MOCHI designの安里望( @nozomi_asato ) です。
永く愛されるブランドづくりをテーマにグラフィックデザイナーとして長野県上田市を拠点に活動しています。
今回は、新サービスとして構築中の「ブランディングスタートプラン」のクライアント様の制作プロセスの様子を数回にわたってお伝えします。
ブランディングスタートプランは見た目だけじゃなくブランドとしての言葉や行動も一緒に考え、ブランディングの基盤をしっかりと作り上げるトータルサポートプランです。

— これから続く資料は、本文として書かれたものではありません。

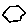
Label: hexagon
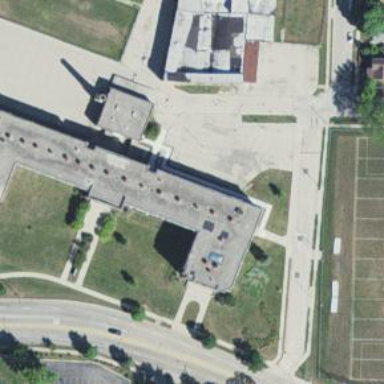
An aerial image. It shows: School.
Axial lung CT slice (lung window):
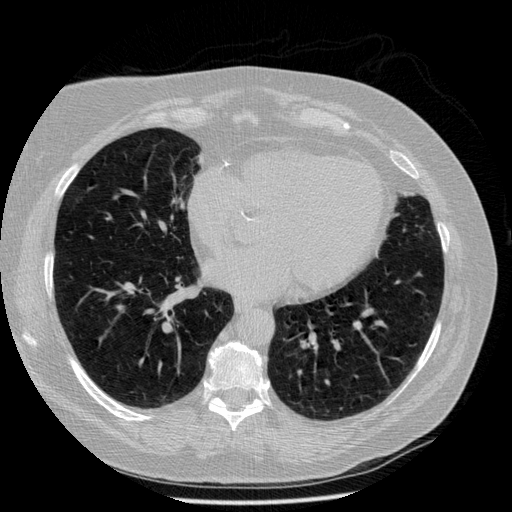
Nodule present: no
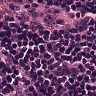
Metastatic tissue present: no

もりとさとの事業は森林・竹林の整備だけでなく、そこから生まれる林産物等を活用するところまで事業化し、長年荒廃した里山の付加価値をつくり、持続可能で豊かな暮らしへ繋げることを目標とされています。
今回ご相談いただいたのは、取り組みが多岐にわたるため地主さんや行政、大学、農家さんや消費者など多方面に自分たちのやりたいことや想いを届ける必要があると感じていたからでした。

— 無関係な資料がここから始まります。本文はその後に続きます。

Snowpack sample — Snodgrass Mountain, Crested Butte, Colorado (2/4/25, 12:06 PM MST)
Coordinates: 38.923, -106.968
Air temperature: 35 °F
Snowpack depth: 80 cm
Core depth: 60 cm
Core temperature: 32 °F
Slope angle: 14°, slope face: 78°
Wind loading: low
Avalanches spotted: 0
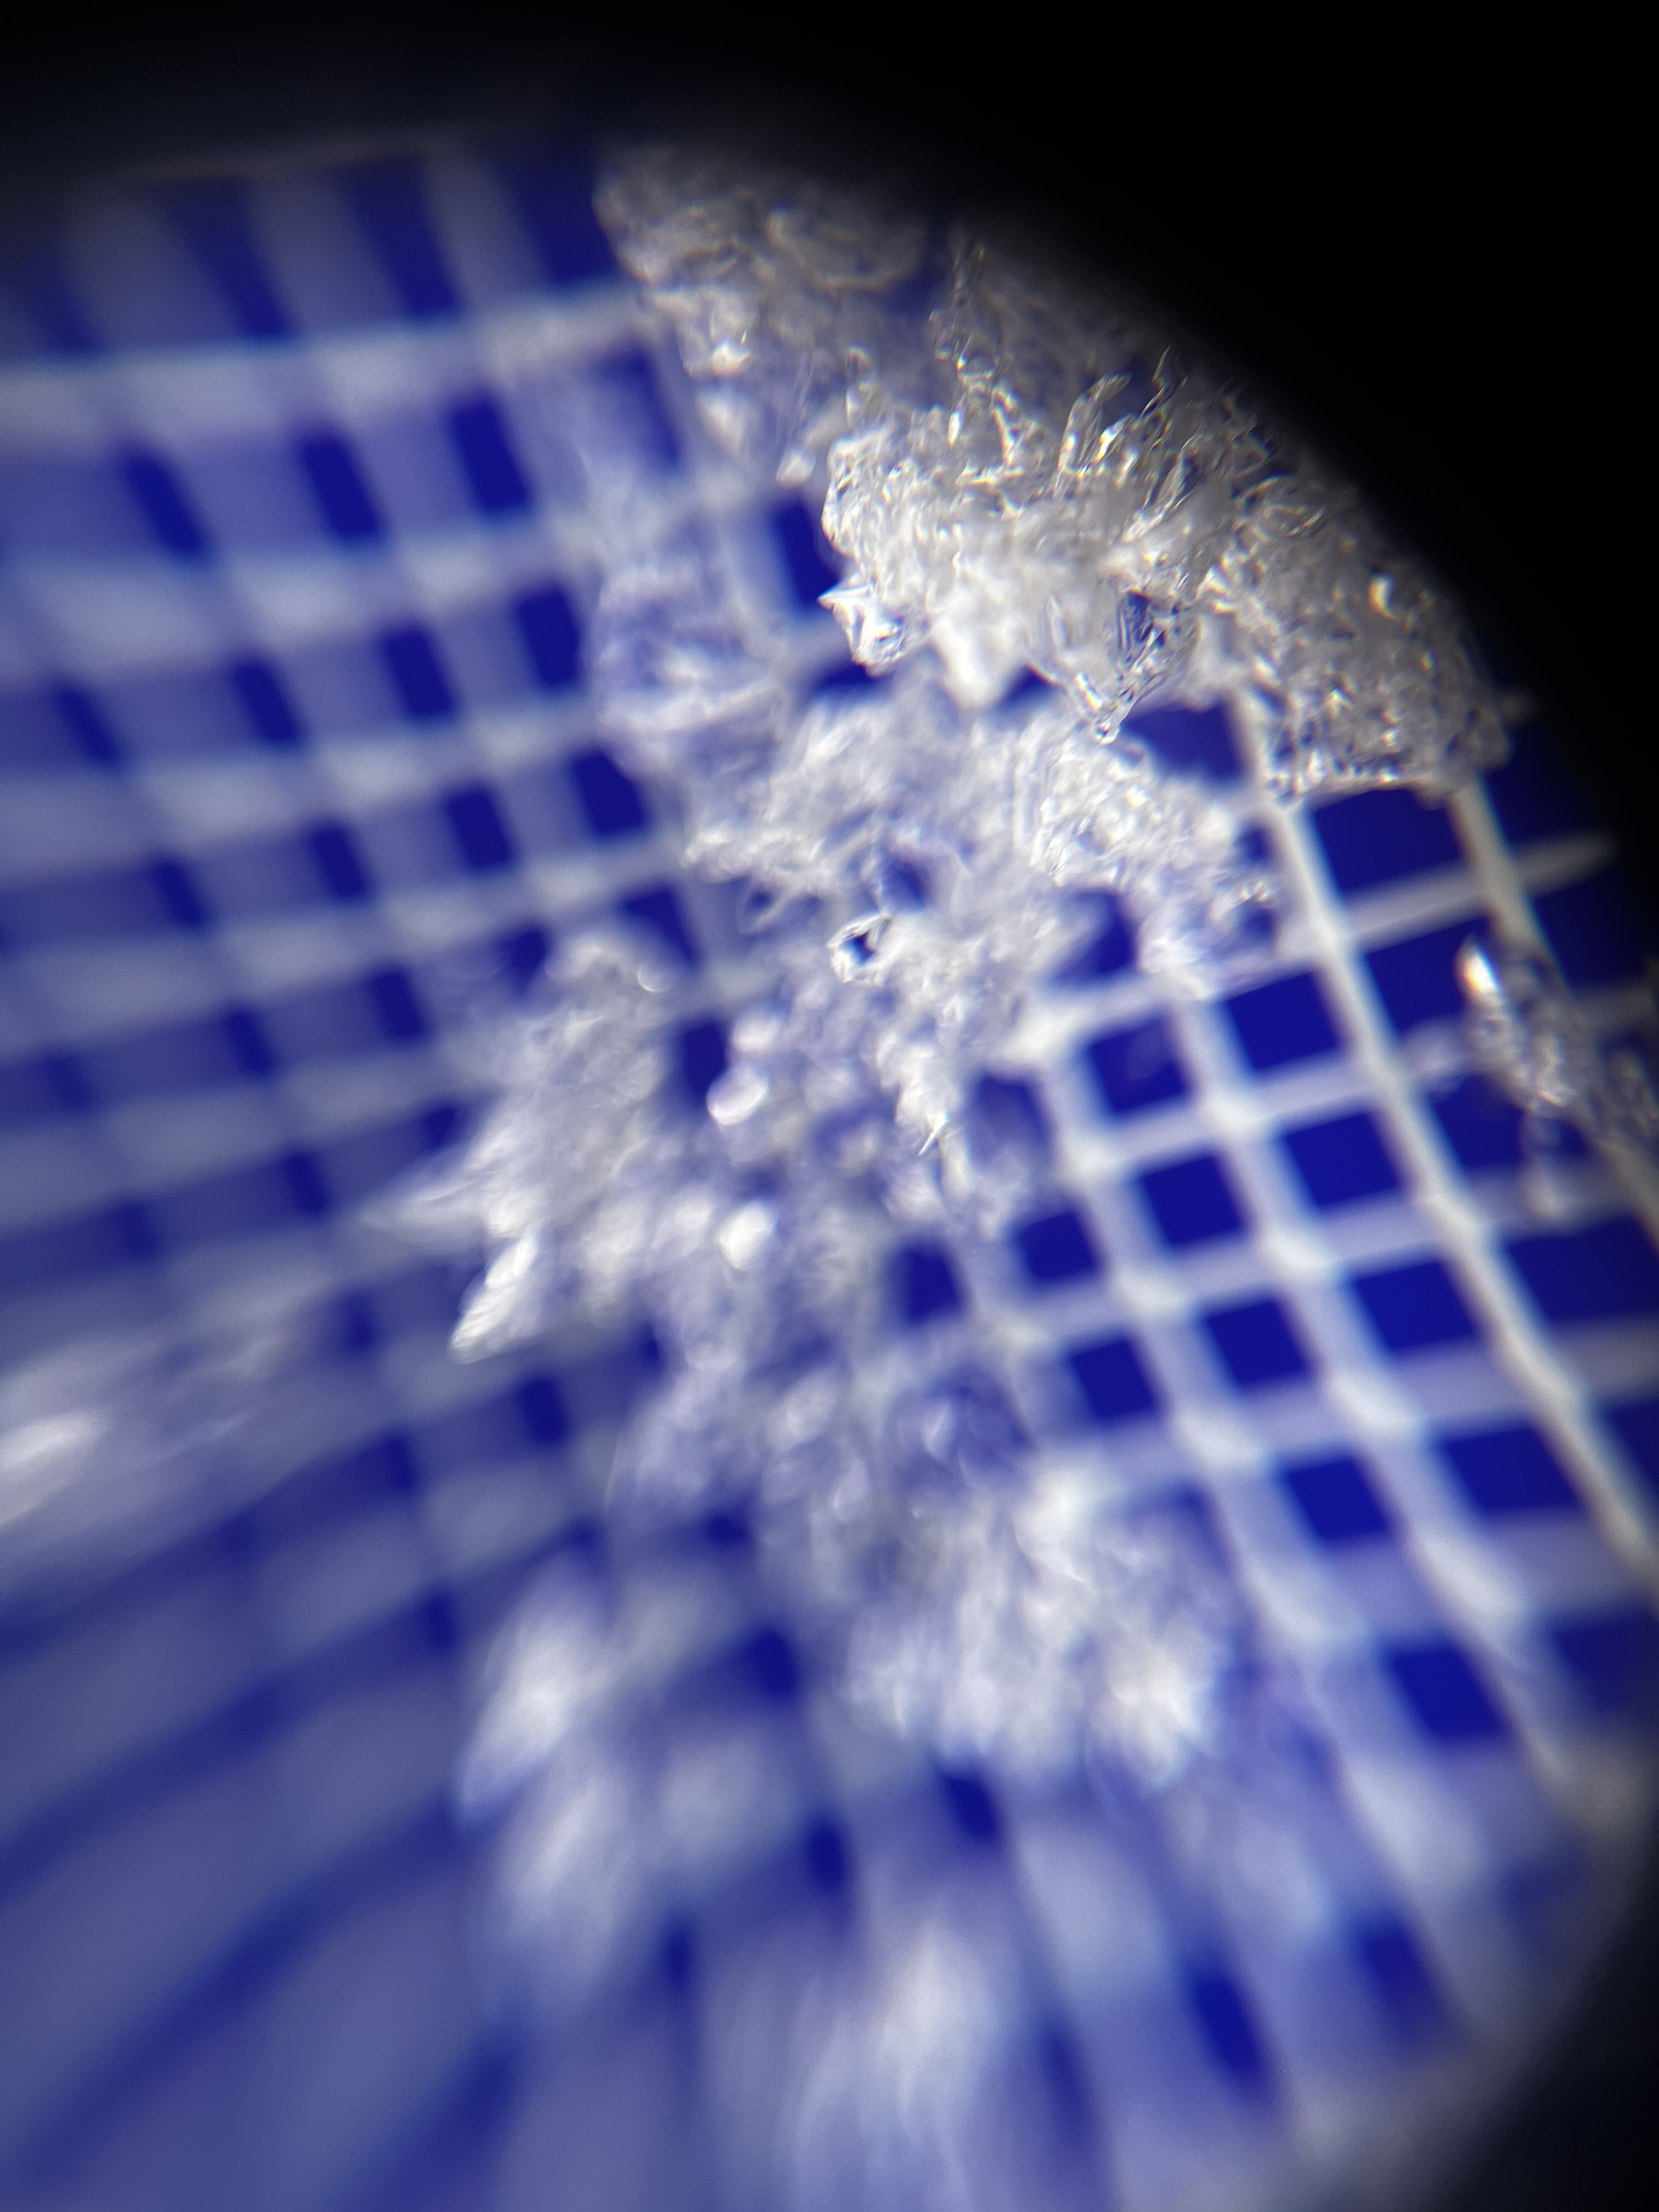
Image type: magnified_profile
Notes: No avalanches nearby, unusually warm weather for the last month reported by residents, Collected 25 yards from treeline

各方面にアプローチする前にまずは代表の田村 聡さんと副代表の市川 里美さん(以下聡さん、里美さん)2人の考えを整理する必要があると思い、コピーライターのtoishi 小林 拓水さん ( @toishi_takumi )(以下小林さん)にも参加していただいて、会社設立の背景や活動への想いを伺いました。
今回はその様子をお届けします。
会社設立の背景と構想

小林さん:まずは、会社設立の背景と何をやる会社なのか聞かせてください。
聡さん:もともとは大学を卒業後、森林組合に就職して5年間林業に携わっていました。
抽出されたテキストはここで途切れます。